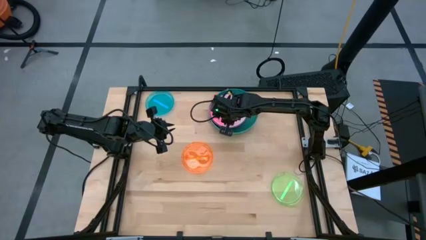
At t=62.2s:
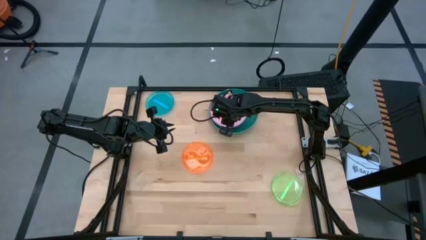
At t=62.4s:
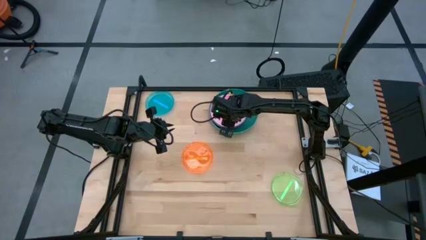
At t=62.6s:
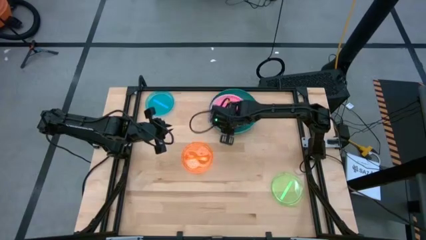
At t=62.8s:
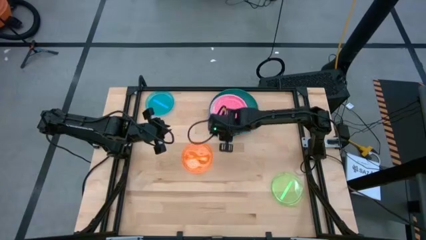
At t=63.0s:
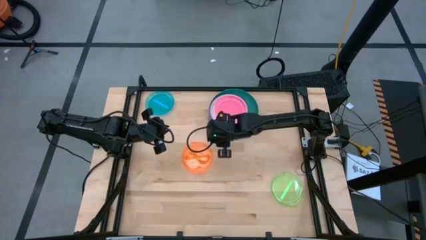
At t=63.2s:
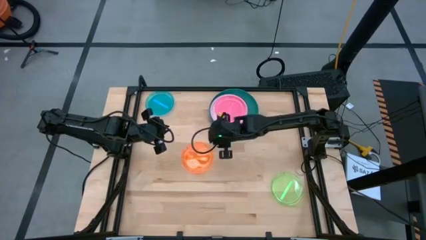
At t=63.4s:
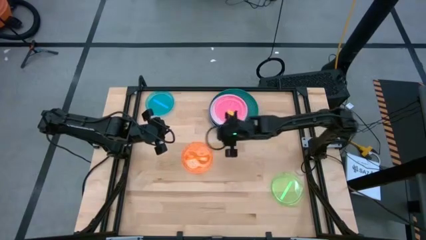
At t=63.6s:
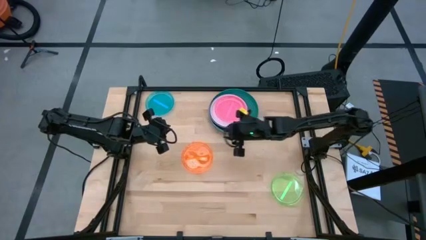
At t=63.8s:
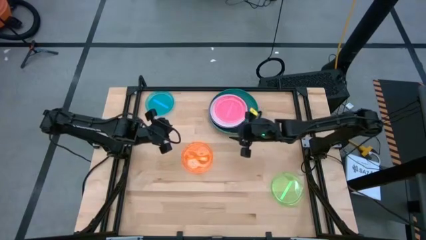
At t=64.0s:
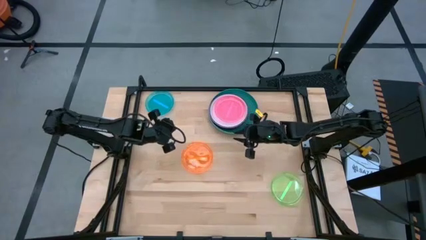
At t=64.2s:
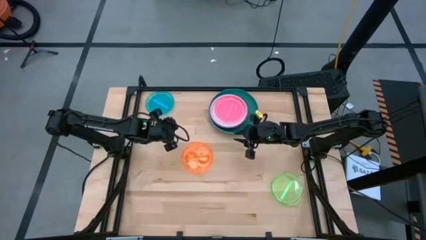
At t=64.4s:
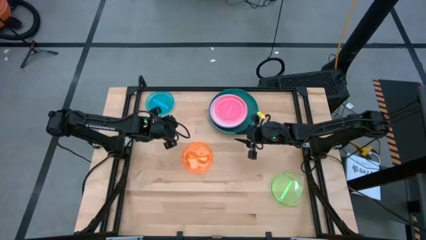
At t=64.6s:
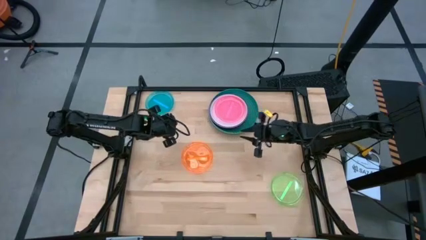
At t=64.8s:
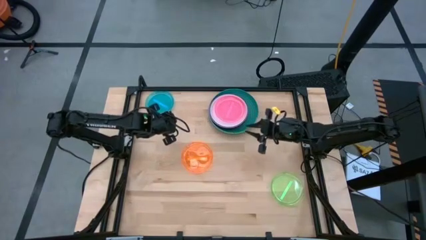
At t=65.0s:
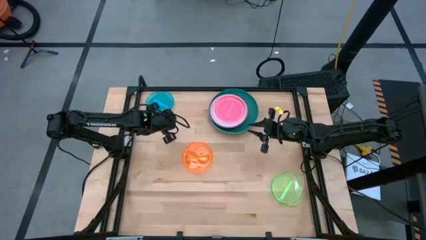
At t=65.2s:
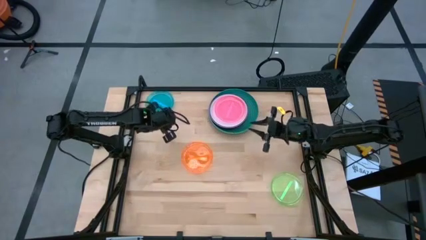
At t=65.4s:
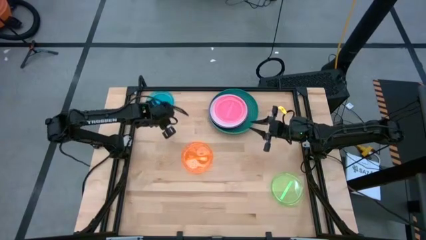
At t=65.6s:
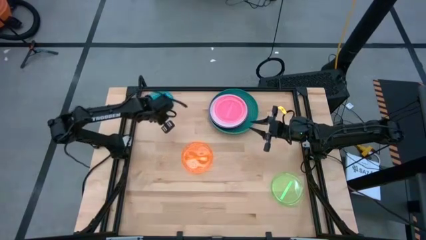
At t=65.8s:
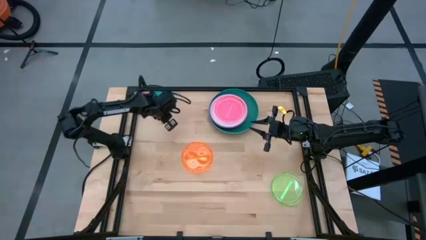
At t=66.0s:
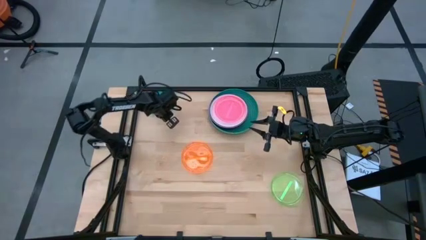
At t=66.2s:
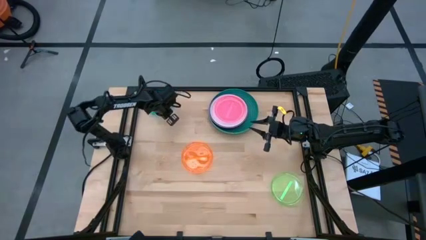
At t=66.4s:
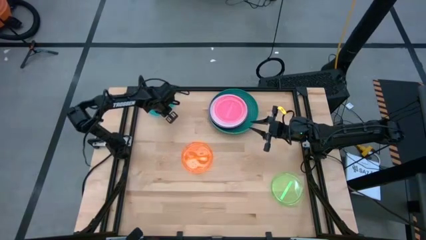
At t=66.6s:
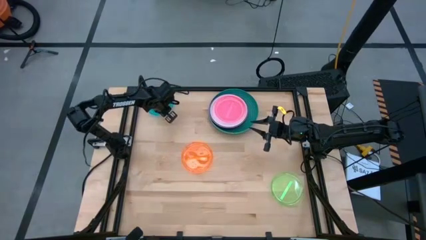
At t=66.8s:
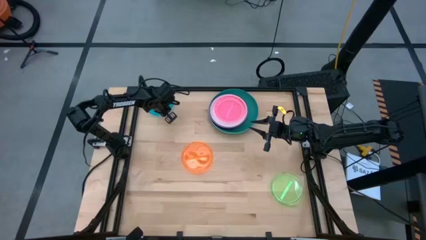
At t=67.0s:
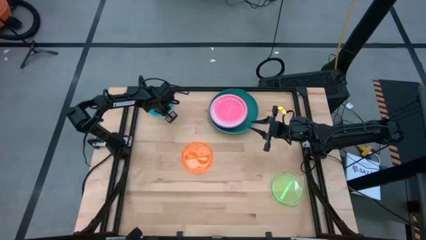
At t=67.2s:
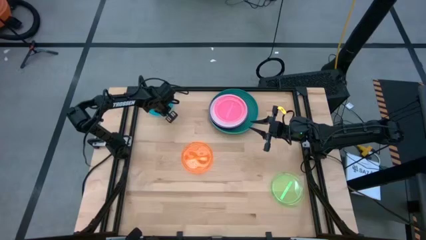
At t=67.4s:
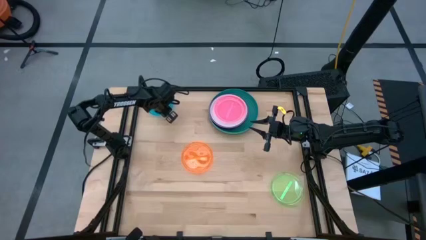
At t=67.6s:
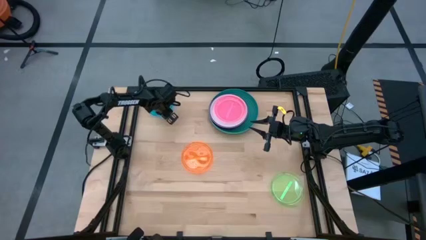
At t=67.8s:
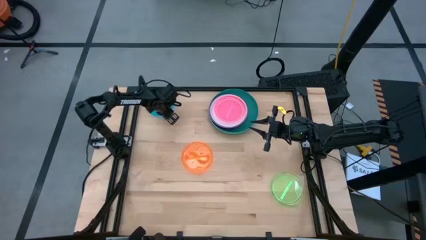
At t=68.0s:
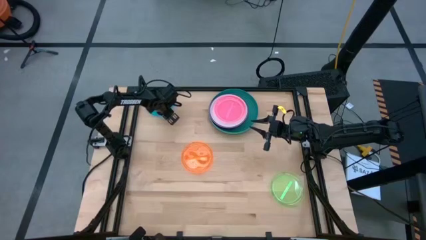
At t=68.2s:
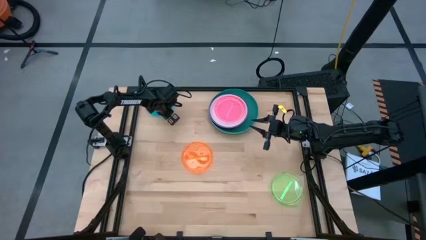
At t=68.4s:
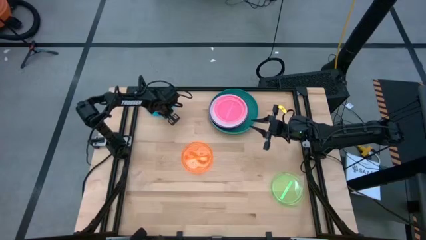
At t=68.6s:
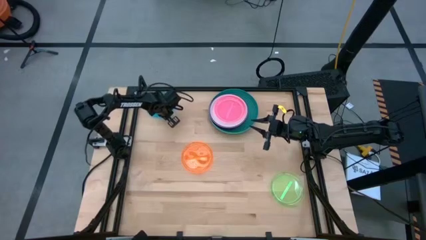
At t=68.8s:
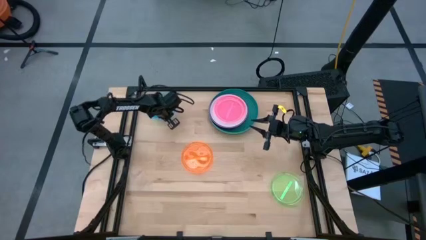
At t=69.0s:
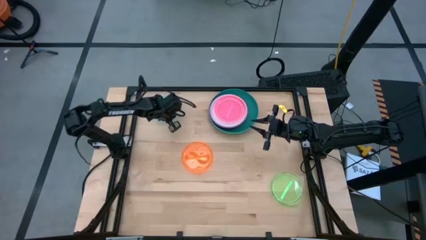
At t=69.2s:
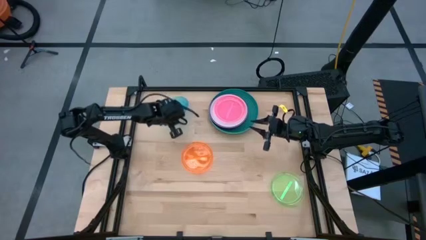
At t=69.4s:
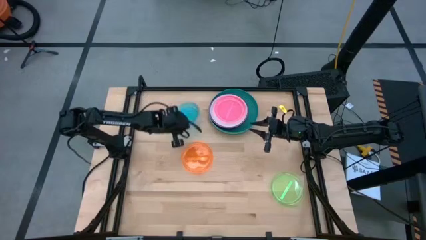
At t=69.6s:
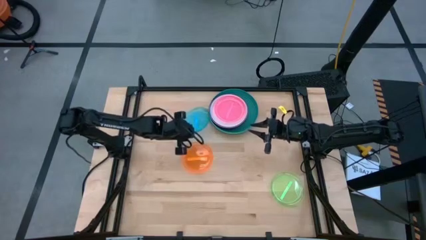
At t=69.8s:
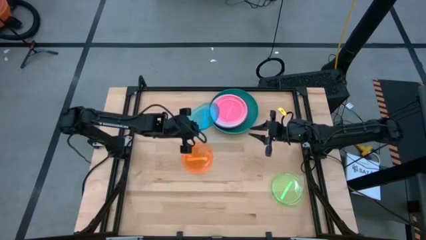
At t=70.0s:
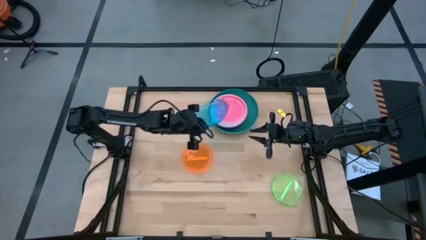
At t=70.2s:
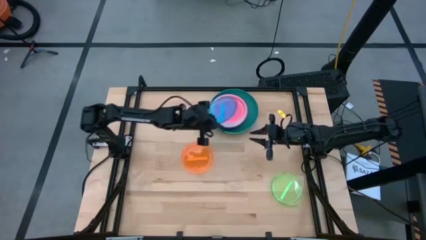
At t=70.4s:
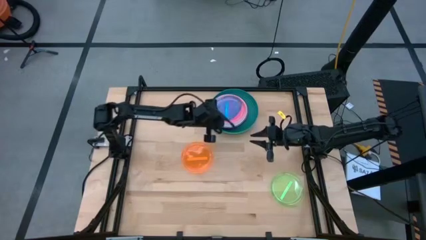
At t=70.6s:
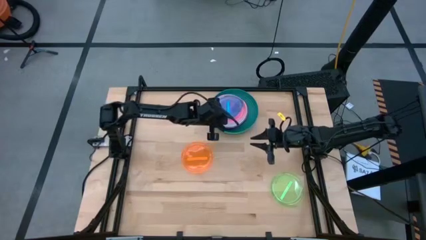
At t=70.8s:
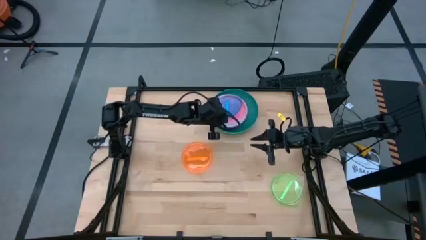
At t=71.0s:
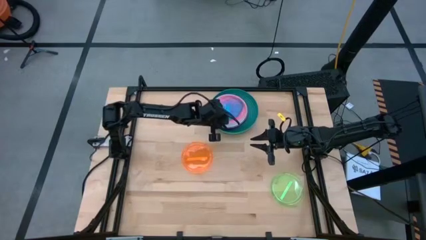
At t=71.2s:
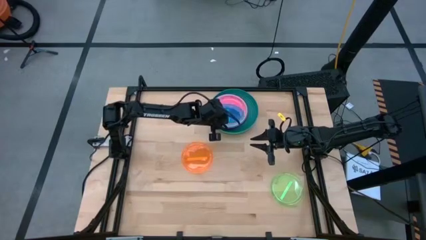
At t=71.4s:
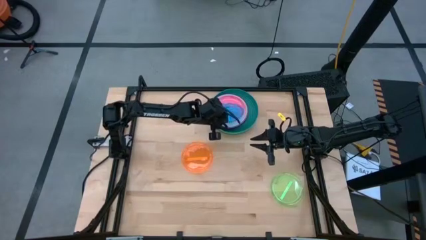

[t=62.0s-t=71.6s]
Task: Stack plastic plates
Stack the small blue plate on top of the small pink plate

Work to complete: Write the records out in full, word for word; leave every picture behind.

Response for this exercise:
At t=62.2s:
At t=62.4s:
At t=62.6s:
At t=62.8s:
At t=63.0s:
At t=63.2s:
At t=63.4s:
At t=63.6s:
At t=63.8s:
At t=64.0s:
At t=64.2s:
At t=64.4s:
At t=64.6s:
At t=64.8s:
At t=65.0s:
At t=65.2s:
At t=65.4s:
At t=65.6s:
At t=65.8s:
At t=66.0s:
At t=66.2s:
At t=66.4s:
At t=66.6s:
At t=66.8s:
At t=67.0s:
At t=67.2s:
At t=67.4s:
At t=67.6s:
At t=67.8s:
At t=68.0s:
At t=68.2s:
At t=68.4s:
At t=68.6s:
At t=68.8s:
At t=69.0s:
At t=69.2s:
At t=69.4s:
At t=69.6s:
At t=69.8s:
At t=70.0s:
At t=70.2s:
At t=70.4s:
At t=70.6s:
At t=70.8s:
At t=71.0s:
At t=71.2s:
At t=71.4s:

[t=62.0s-t=71.6s]
Task: Stack plastic plates
Stack the small blue plate on top of the small pink plate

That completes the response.